To read more about HLAA, go to http://www.hearingloss.org/.
Grade 9 Student Presents Alongside Celebrities at Free the Children’s WE Day
Harker freshman Arjun Subramaniam recently joined celebrities and prominent activists in addressing an audience of more than 16,000 children from various California schools gathered at the Oakland Arena for an event called WE Day.
The event, held on March 26, was sponsored by an organization called Free the Children, which works to eradicate child labor in developing nations. After being introduced by actress Selena Gomez, Subramaniam took to the stage to speak about his work with the nonprofit organization. He then presented a short segment, telecast live, on the story of a young child laborer called Iqbal Masih.
Masih’s story had originally inspired the founding of Free the Children by a man named Craig Kielburger back in 1995. Kielburger was only 12 years old when he gathered 11 school friends to begin fighting child labor, laying the seeds for the organization.
Today, Free the Children is an international charity and educational partner that believes “in a world where all children are free to achieve their fullest potential as agents of change.” The organization works domestically to educate, engage and empower youth to become active local and global citizens.
Subramaniam said he first got involved with Free the Children after reading an article about child labor and being upset to learn that kids his own age and younger were being forced to work up to 15 hours a day and denied an education.
“While perusing the Web for organizations that were targeting this issue, I came across Free the Children, and their mission shared many parallels with my interests and passion,” recalled Subramaniam, noting that, by chance, the organization’s only office in the United States was just a few minutes away from his house.
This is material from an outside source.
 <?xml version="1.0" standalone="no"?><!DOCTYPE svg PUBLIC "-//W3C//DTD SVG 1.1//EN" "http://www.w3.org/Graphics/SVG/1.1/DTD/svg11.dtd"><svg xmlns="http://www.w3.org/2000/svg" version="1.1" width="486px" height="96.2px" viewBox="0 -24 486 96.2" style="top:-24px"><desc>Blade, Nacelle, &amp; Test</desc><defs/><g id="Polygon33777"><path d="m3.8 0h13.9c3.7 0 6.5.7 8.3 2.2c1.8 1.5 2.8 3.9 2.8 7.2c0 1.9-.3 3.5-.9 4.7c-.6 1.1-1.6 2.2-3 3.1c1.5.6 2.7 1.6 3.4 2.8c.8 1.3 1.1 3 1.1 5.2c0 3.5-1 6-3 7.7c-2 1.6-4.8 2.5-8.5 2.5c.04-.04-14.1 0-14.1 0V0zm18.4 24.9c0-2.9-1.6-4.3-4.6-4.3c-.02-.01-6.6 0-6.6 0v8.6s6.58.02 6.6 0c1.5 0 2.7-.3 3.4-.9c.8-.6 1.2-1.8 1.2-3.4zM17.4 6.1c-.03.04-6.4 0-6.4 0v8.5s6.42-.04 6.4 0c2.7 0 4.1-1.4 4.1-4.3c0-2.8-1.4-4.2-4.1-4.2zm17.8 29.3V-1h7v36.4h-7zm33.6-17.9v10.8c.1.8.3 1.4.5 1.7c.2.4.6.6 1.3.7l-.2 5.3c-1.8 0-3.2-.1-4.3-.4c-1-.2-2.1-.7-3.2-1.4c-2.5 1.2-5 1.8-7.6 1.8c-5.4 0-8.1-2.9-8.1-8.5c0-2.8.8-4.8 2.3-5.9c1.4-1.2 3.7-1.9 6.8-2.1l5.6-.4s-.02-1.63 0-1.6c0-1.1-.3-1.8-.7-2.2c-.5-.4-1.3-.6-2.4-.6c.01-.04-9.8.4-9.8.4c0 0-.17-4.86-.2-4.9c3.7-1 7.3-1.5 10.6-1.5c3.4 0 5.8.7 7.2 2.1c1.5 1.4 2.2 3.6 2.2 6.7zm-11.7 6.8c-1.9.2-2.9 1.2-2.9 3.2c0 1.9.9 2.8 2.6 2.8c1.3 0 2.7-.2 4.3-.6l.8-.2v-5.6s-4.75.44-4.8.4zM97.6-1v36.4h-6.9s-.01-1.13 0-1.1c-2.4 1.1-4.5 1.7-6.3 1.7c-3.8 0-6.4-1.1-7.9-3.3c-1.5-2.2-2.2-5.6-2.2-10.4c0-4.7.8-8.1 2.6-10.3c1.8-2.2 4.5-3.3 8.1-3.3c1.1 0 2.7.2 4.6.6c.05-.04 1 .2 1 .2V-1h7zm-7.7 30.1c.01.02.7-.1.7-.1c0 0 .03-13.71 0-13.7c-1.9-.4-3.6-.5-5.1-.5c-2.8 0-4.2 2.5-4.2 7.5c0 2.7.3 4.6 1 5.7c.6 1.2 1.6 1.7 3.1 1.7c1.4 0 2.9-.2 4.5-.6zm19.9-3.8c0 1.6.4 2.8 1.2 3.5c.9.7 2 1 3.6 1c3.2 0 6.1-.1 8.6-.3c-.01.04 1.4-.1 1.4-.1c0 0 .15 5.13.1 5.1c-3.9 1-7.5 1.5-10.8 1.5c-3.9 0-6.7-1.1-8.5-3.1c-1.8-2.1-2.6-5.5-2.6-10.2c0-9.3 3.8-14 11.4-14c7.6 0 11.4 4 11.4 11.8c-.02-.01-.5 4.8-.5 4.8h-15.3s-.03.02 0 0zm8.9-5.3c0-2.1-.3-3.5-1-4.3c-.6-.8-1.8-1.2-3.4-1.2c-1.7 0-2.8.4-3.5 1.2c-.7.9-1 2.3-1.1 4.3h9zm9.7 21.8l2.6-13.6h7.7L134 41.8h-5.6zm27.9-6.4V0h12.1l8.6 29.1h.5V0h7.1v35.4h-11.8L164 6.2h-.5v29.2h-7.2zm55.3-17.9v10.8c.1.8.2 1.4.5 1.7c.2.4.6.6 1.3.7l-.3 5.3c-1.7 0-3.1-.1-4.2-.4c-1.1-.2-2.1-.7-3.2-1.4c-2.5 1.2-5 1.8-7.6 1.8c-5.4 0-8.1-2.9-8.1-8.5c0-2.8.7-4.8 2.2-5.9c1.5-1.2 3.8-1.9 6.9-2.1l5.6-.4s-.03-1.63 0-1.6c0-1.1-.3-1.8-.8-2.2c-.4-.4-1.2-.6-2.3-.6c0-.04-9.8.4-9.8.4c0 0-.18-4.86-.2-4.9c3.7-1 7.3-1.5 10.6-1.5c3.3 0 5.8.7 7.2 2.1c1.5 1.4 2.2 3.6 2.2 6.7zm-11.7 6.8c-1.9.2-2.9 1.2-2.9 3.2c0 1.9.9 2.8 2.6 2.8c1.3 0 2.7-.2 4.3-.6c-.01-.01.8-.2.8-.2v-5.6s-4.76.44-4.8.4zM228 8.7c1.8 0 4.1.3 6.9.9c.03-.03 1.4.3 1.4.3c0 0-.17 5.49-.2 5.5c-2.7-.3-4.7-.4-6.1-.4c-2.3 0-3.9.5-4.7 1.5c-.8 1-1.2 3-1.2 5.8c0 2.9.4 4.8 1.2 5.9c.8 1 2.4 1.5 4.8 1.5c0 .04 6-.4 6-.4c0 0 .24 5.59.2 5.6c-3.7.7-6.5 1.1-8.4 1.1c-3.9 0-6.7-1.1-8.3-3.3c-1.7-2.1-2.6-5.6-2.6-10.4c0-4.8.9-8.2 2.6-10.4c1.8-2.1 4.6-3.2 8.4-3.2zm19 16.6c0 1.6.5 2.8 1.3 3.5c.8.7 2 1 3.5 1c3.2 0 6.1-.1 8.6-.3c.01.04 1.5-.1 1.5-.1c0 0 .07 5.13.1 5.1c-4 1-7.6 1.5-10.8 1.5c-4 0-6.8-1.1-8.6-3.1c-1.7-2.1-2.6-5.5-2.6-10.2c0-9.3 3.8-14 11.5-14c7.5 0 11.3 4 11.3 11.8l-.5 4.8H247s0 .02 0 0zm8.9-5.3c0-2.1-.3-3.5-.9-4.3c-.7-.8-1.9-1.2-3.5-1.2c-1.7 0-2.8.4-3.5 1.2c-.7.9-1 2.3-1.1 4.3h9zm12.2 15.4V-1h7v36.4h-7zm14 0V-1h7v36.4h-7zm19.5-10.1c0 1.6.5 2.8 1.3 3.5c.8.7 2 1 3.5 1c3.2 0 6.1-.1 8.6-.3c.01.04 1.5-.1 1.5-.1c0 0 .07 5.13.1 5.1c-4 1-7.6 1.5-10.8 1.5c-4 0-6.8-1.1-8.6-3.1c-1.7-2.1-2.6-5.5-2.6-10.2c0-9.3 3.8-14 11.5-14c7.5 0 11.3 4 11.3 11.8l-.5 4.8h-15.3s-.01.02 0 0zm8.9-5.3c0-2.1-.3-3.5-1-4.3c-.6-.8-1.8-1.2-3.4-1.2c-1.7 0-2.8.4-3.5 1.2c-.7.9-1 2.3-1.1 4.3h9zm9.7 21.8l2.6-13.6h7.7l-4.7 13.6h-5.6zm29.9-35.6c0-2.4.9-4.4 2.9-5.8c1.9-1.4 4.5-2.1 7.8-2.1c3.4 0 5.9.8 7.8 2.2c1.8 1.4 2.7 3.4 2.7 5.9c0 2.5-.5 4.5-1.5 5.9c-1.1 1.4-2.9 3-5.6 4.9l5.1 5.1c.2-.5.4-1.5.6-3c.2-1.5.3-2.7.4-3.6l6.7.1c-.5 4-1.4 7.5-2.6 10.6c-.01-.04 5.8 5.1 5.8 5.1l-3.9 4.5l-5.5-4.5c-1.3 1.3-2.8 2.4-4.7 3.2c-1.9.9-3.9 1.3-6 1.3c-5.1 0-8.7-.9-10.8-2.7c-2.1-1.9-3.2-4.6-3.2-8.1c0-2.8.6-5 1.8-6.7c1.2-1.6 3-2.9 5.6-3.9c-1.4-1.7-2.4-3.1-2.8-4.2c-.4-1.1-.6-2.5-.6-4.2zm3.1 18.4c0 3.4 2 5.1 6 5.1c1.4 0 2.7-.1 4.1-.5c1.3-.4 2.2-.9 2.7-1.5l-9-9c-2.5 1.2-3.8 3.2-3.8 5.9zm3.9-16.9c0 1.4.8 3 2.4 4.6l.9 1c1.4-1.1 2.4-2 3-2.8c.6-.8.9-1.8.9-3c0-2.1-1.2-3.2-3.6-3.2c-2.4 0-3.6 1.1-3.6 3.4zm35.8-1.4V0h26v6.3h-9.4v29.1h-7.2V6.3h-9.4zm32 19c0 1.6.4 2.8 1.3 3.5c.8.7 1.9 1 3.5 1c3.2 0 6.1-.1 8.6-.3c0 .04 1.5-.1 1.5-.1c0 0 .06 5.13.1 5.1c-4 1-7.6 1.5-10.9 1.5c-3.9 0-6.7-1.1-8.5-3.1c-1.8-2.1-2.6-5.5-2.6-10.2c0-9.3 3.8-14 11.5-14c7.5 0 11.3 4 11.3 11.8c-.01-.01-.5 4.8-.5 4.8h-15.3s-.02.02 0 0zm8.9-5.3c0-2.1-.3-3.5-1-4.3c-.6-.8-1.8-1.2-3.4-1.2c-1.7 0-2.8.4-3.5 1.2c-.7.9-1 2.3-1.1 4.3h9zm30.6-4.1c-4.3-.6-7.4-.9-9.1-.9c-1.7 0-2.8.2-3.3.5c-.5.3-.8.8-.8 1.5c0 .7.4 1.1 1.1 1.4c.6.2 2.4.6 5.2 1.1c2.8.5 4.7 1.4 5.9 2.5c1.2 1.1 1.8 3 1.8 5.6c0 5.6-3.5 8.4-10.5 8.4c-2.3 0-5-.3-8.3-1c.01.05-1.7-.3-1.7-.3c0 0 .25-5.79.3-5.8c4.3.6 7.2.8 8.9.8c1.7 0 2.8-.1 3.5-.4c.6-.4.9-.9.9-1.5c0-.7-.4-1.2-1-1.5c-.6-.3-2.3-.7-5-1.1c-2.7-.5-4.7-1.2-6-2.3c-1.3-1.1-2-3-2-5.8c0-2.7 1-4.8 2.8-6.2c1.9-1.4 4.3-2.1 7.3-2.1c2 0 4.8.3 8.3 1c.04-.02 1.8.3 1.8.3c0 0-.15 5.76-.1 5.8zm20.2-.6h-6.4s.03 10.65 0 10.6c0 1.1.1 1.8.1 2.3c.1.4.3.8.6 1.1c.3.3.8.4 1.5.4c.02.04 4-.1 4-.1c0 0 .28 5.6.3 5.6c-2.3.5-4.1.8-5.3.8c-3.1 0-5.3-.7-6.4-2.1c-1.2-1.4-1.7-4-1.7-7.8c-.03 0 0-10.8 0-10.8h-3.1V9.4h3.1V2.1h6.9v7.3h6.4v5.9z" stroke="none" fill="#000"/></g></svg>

Last year Subramaniam brought a Free the Children representative to speak at the middle school. Shortly after, he and a couple of friends set up a fundraiser on campus to help raise money for the cause.
“I have also talked to leading figures in the child labor movement in India, including Kailash Satyarthi, whose organization has rescued hundreds of thousands of child laborers and successfully petitioned the Indian government to change its child labor laws,” he said.
Speaking at the recent We Day was a transformative experience for Subramaniam. “Everyone there has inspired me to keep being part of the fight to eradicate child labor,” he said.